The Trade that Killed Dighton Capital?

From Morningstar:

There have been quite a few winners and losers in the immediate aftermath of the 2011 crash (does this move have a name yet?), and one of the biggest losers has been discretionary trader Dighton Capital. We posted their ‘defense’ of their position two weeks ago, but things went terribly wrong since then, with a dramatic move higher in the Swiss Franc causing losses of more than -50% for Dighton in August (on top of -30% losses in July), putting the drawdown on their composite track record at a disturbing -76%.

More:

What are the lessons to be learned from this flame out? One, discretionary managers without set risk per trade limits carry a unique set of risks which aren’t shared by their systematic counterparts (namely that they can/will hold onto a trade a little longer if they have a heavy conviction). Two, contrarian/counter-trend/mean reversion strategies carry unique risks (the market may not mean revert). Three, be wary of investing in a managed futures program doing something different than the typical managed futures trend following type strategy

From Dighton Capital’s disclosure document:

The Dighton Trading Program (formerly known as the Swiss Futures Trading Program) is a combination of systematic, technical chart analysis for the markets, the interpretation and analysis of economic and other fundamental data and use of discretion based on the experience of the Advisor. The Advisor will trade most of the liquid US future markets like currencies, stock indices (especially Mini S&P), bonds and notes, energy, corn, grains and other commodities such as cotton.

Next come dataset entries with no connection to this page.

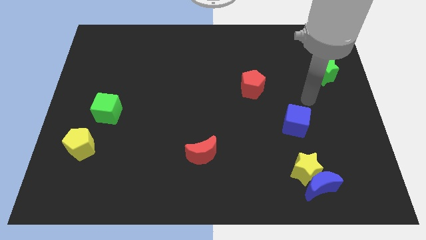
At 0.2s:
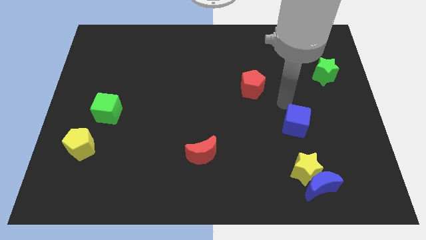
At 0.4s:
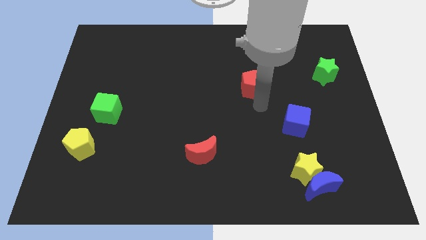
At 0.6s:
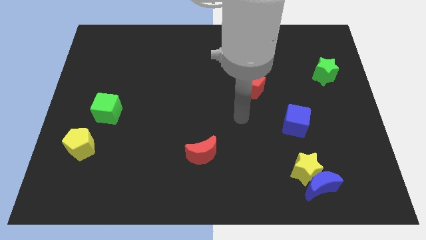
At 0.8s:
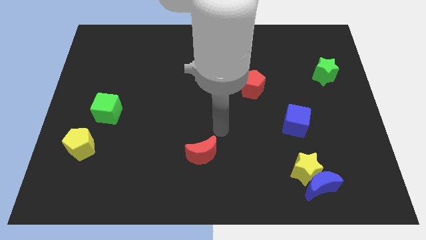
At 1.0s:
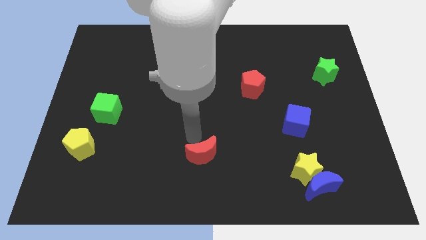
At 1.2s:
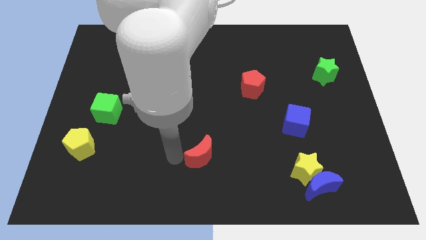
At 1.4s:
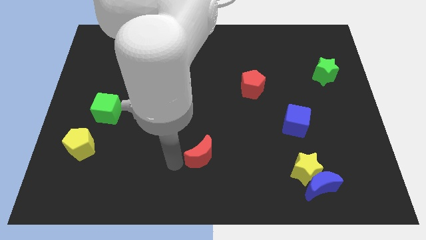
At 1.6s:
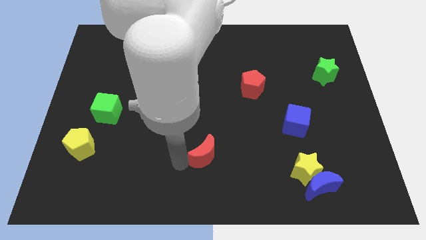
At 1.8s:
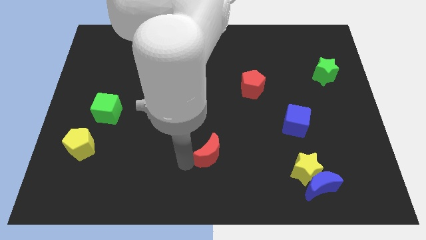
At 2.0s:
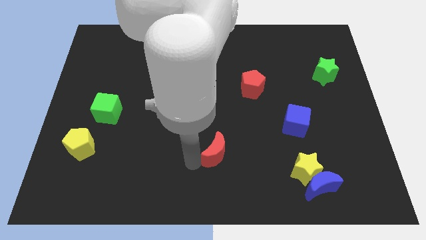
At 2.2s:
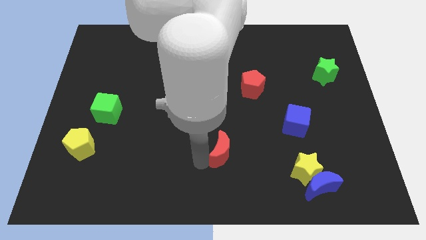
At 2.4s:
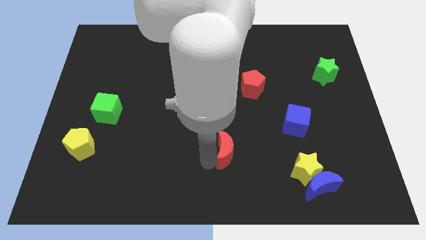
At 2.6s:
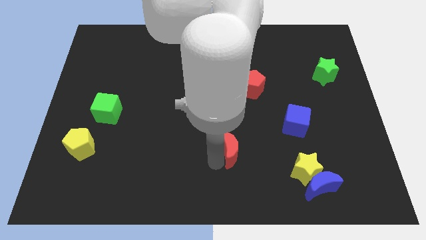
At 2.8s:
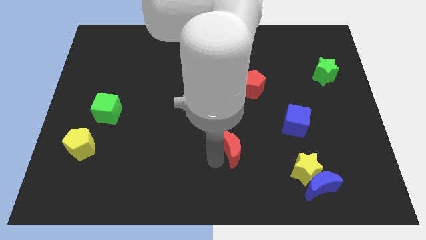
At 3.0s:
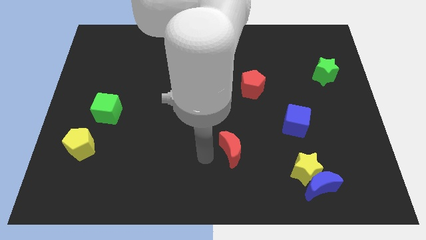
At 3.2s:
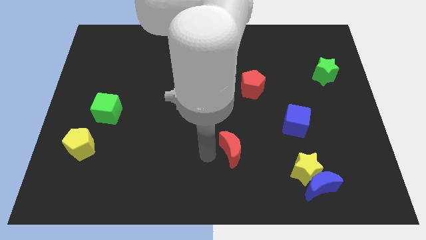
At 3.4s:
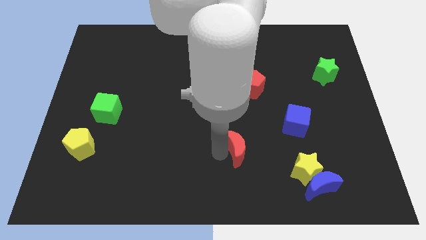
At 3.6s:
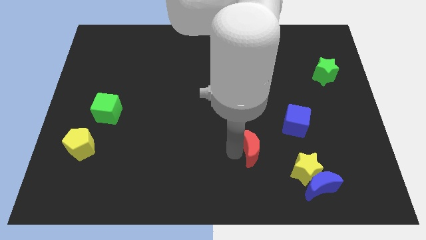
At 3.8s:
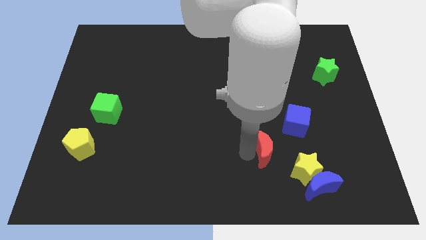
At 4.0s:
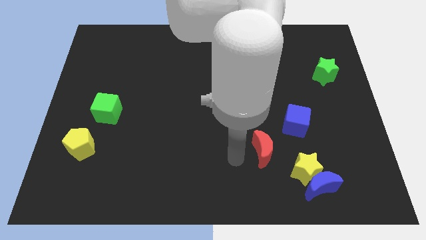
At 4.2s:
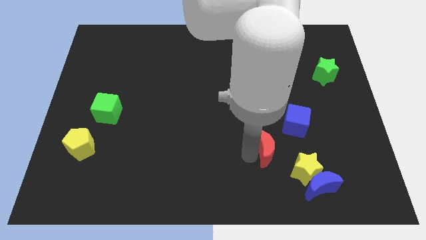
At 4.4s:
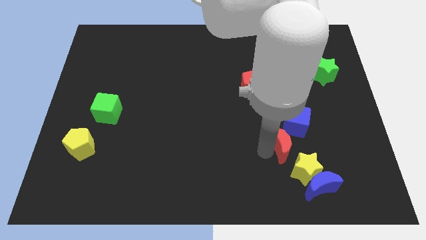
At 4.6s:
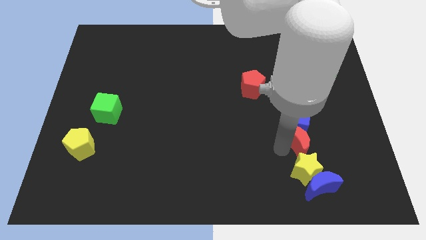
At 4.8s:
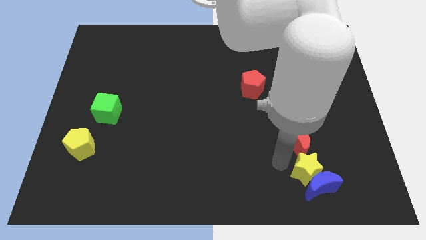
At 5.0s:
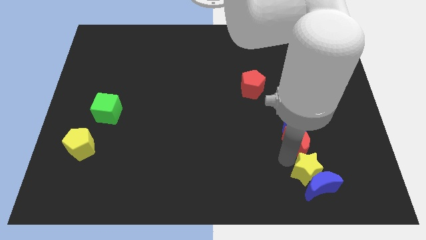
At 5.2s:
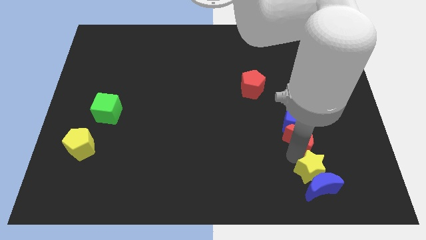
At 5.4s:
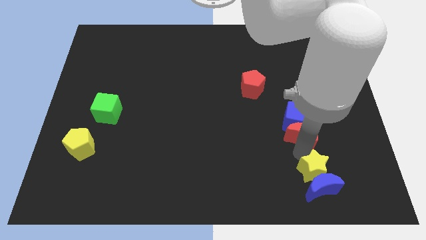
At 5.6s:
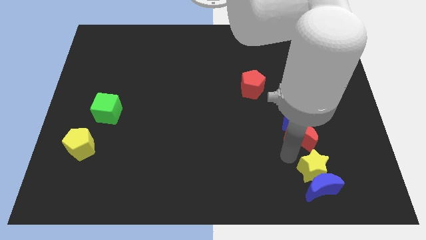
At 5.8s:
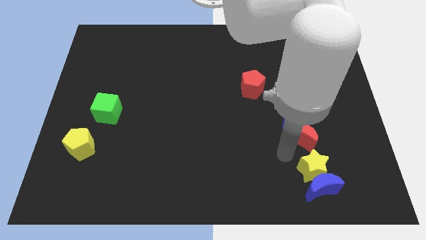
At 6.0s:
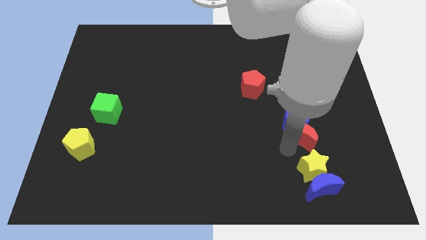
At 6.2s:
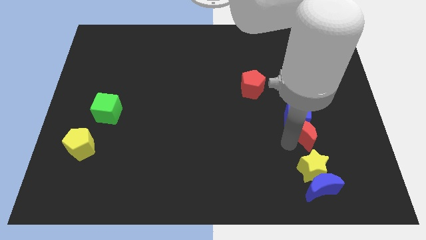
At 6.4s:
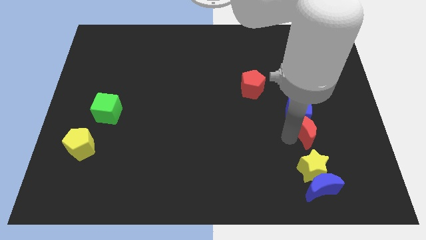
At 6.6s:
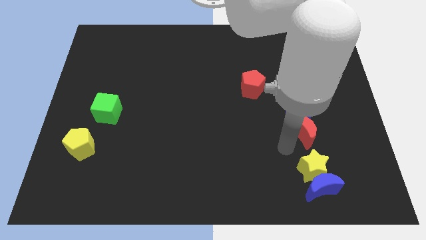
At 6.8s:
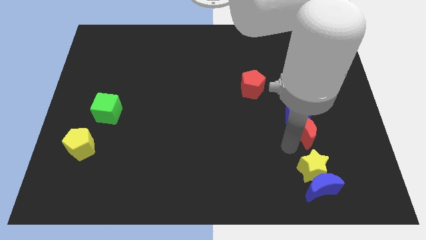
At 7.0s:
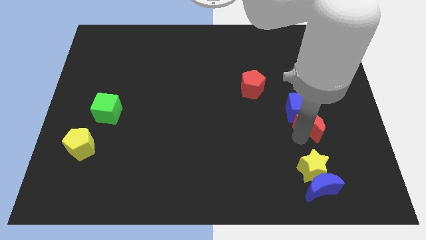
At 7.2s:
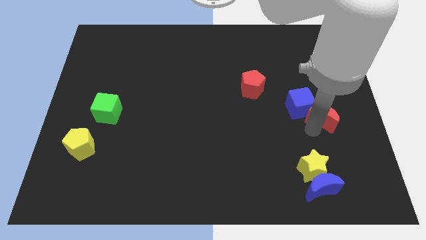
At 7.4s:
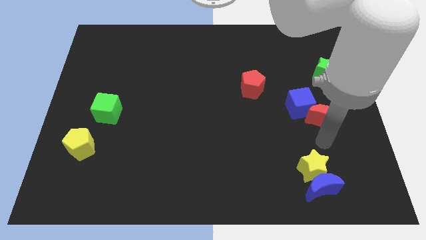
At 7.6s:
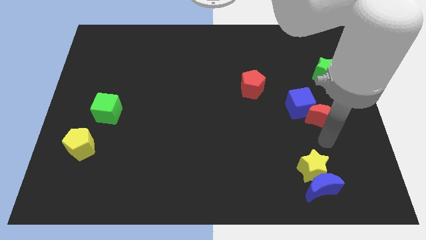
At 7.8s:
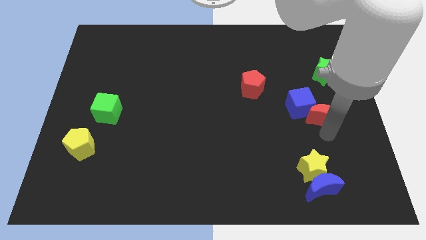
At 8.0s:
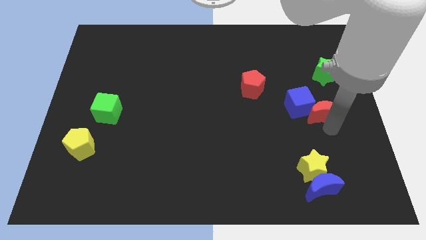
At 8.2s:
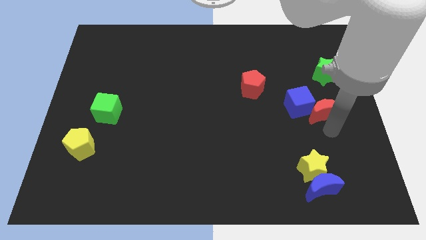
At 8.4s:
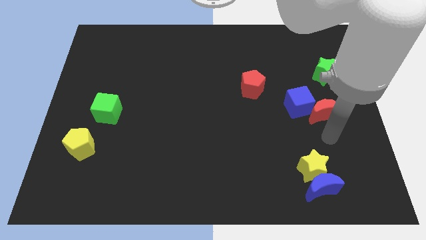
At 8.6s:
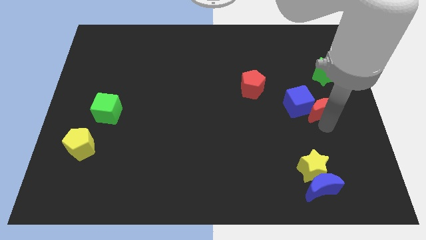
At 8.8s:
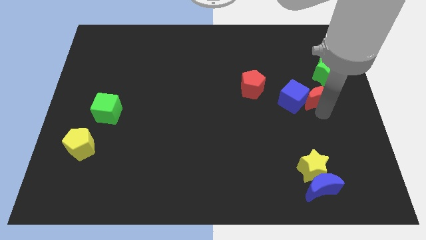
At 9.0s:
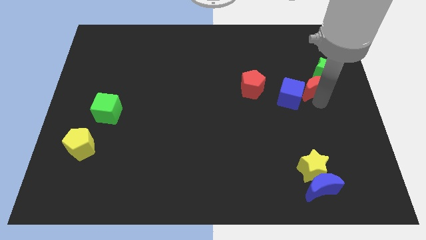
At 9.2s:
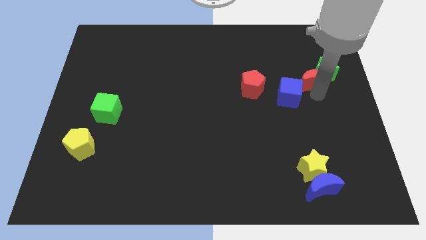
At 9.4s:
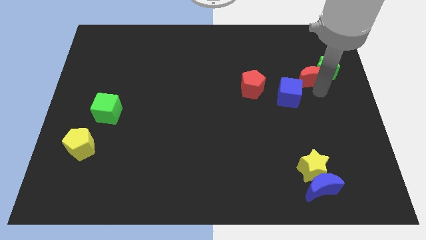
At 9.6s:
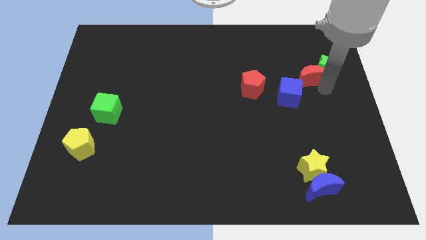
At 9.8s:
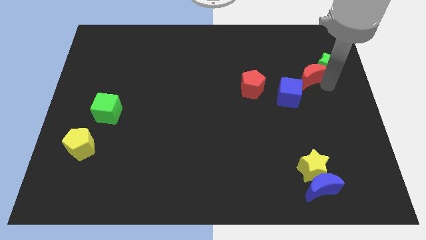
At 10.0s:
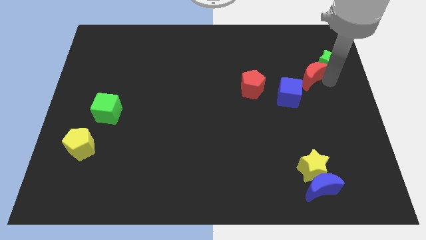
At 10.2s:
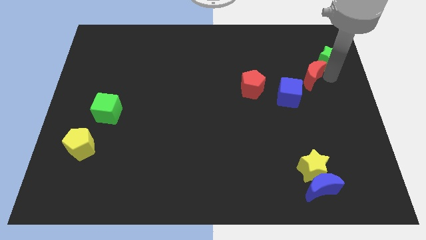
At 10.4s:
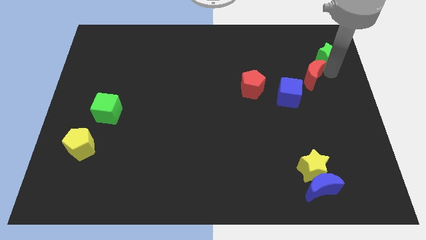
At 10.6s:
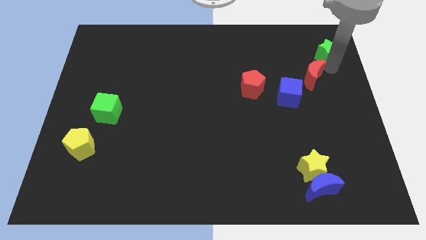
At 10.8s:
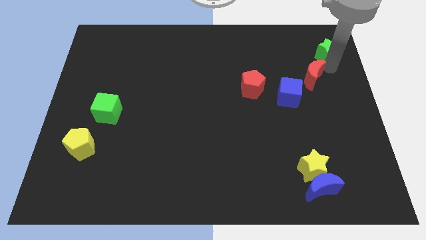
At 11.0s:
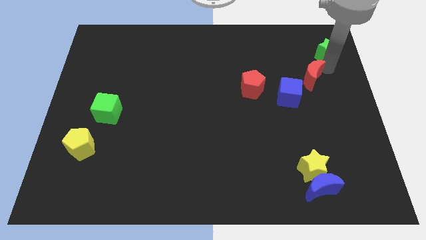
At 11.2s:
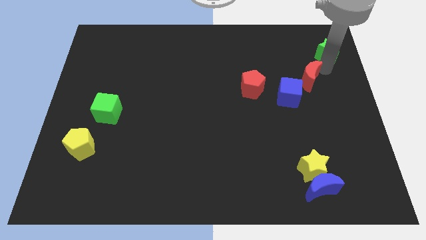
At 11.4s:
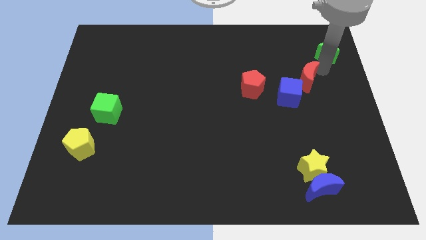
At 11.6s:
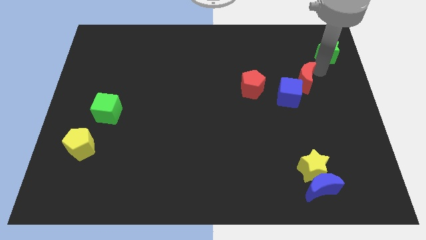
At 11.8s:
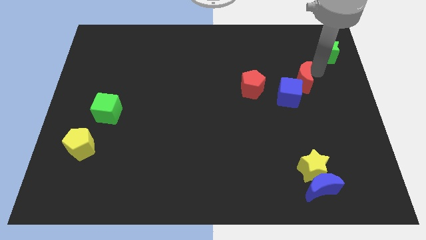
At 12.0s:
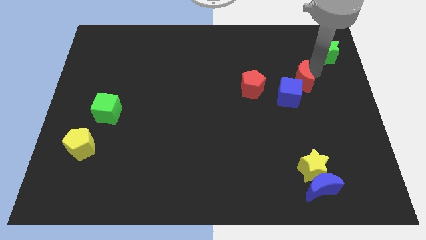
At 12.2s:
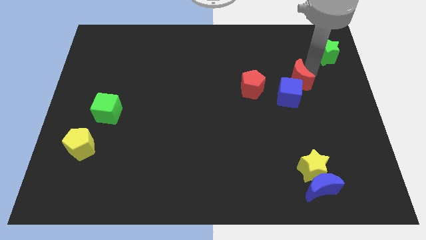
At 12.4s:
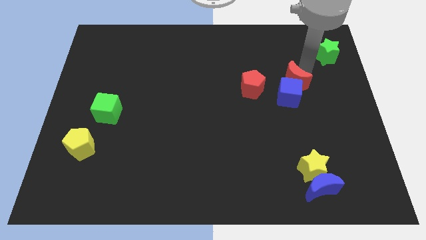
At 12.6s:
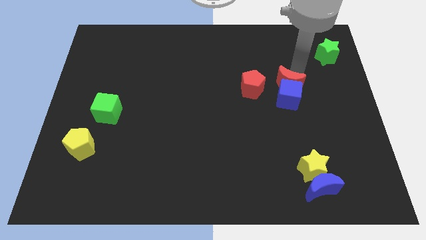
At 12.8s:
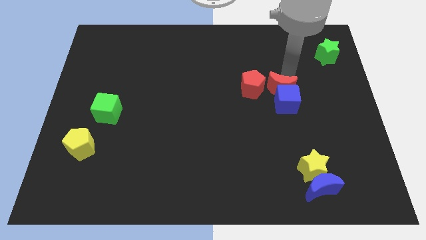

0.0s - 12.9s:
put the red moon diagonally up and to the right of the blue cube

The Advisor does not initially plan to trade foreign futures or options contracts but reserves the right to do so at a later date. The Advisor reserves the right to trading in any futures market. The Advisor analyses thoroughly the charts of these markets every week and monitors them then during the week.Chart analysis techniques include (but are not limited to) wave analysis (Elliot Wave), W.D. Gann principles (angles), Fibonacci retracements, Time cycles, Volume, Trix Indicator, divergences, and pattern analysis. In general, the Advisor tries to locate points where to buy in markets that have fallen and where to sell in markets that have risen. By this the Advisor is trying to buy when prices are low and to sell when prices are high. This approach is trend anticipating but not really counter trend. When a position is established the Advisor attempts to let the profits run and attempts to exit when the market gets to a point where a reversal in the trend could be expected.

A Ouija board might be better?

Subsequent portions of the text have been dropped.